1. 世界シェア6割の半導体材料がAIブームの受け皿に 営業利益率18%が視野
株価上昇の背景には、投資家がJX金属の事業がAIで加速すると考えていることが一因です。同社は2019年に長期ビジョンを策定し、半導体や情報通信向けの「フォーカス事業」に注力する方針を打ち出しました。かつては銅の精錬といった「ベース事業」が柱でしたが、汎用的な素材から高い付加価値が見込める機能材へ軸足を移しています。
看板商品の1つがスパッタリングターゲット(※)です。JX金蔵は半導体用で世界シェア6割を持っており、スパッタリングターゲットの素材となるタンタル粉も世界市場の過半を握ります。同社の製品は半導体製造装置メーカーから標準品に指定されるなど市場の信頼も厚く、高い技術力で競合の参入を防いでいます。
※スパッタリングターゲット…スパッタリングは成膜技術で、スパッタリングターゲットはその材料となる金属塊。真空環境でスパッタリングターゲットにイオンをぶつけ、弾き飛んだ金属の粒子を基盤に堆積させることで金属膜を形成する。
そして、スパッタリングターゲットの需要はAIが押し上げています。AIサーバー向け半導体チップは大型で配線の多層化も求められることから、スパッタリングターゲットの消費も増える構図です。JX金属の業績も拡大しており、営業利益率は上場して初の決算公表となった2025年3月期に15.7%に達しました。
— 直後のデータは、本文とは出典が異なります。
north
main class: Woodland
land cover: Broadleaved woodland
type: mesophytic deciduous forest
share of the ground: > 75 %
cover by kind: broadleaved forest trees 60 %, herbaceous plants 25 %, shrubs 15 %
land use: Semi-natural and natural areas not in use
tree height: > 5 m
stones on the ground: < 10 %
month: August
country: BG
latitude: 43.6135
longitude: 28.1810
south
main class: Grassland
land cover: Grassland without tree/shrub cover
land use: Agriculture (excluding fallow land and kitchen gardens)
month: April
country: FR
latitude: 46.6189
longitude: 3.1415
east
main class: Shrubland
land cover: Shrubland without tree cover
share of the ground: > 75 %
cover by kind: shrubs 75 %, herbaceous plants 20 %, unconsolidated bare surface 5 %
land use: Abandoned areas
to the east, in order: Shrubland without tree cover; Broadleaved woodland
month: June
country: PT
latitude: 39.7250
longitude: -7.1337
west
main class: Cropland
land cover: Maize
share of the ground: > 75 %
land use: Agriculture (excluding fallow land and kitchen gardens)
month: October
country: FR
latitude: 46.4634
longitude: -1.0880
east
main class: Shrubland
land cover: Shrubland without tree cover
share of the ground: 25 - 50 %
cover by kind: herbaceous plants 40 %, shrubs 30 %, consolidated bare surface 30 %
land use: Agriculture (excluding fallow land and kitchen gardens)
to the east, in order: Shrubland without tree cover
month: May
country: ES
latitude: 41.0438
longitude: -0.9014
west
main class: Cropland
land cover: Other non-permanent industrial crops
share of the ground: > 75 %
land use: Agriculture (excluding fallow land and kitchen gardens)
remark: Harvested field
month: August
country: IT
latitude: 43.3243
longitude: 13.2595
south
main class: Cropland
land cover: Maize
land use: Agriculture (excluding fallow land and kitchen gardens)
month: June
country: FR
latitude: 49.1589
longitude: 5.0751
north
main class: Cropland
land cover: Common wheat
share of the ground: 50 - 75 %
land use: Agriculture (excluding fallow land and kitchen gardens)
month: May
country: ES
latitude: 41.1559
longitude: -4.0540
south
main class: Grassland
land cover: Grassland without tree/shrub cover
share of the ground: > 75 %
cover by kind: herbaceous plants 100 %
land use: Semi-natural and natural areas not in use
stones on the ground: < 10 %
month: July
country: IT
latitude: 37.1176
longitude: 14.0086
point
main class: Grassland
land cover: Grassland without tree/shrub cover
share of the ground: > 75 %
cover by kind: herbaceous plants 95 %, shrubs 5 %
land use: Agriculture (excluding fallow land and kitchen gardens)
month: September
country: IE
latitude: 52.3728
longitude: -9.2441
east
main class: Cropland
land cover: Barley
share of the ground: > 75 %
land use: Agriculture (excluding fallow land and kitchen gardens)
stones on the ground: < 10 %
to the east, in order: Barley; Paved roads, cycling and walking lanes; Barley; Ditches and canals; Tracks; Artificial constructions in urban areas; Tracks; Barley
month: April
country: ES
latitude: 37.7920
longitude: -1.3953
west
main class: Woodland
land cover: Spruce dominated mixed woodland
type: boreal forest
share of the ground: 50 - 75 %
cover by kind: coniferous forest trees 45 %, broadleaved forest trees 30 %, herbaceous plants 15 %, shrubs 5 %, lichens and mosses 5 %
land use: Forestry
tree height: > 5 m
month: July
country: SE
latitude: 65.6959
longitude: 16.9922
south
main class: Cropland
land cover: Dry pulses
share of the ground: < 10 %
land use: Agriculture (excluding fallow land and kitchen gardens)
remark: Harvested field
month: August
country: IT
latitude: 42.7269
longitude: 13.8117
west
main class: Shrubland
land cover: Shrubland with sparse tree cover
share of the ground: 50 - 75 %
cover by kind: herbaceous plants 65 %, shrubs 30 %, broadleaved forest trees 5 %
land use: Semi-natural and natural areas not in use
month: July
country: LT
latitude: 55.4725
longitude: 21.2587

今期(2026年3月期)においては、営業利益率は18.3%まで上昇する見込みです。
需要の増加に対し、JX金属は増産でこたえます。同社は2026年3月、ひたちなか新工場(茨城県)の増強を公表しました。同工場は2022年から開業準備を進める生産拠点で、最大1500億円規模の投資を計画しているところ、うち230億円を半導体用スパッタリングターゲットに振り向ける内容です。
追加投資の決定で、半導体用スパッタリングターゲットは生産能力が2023年度比1.6倍に高まる見通しとなりました。ひたちなか新工場は2026年3月末からの開業を予定しており、今回の増強分の本格稼働は2028年3月期の下期を予定します。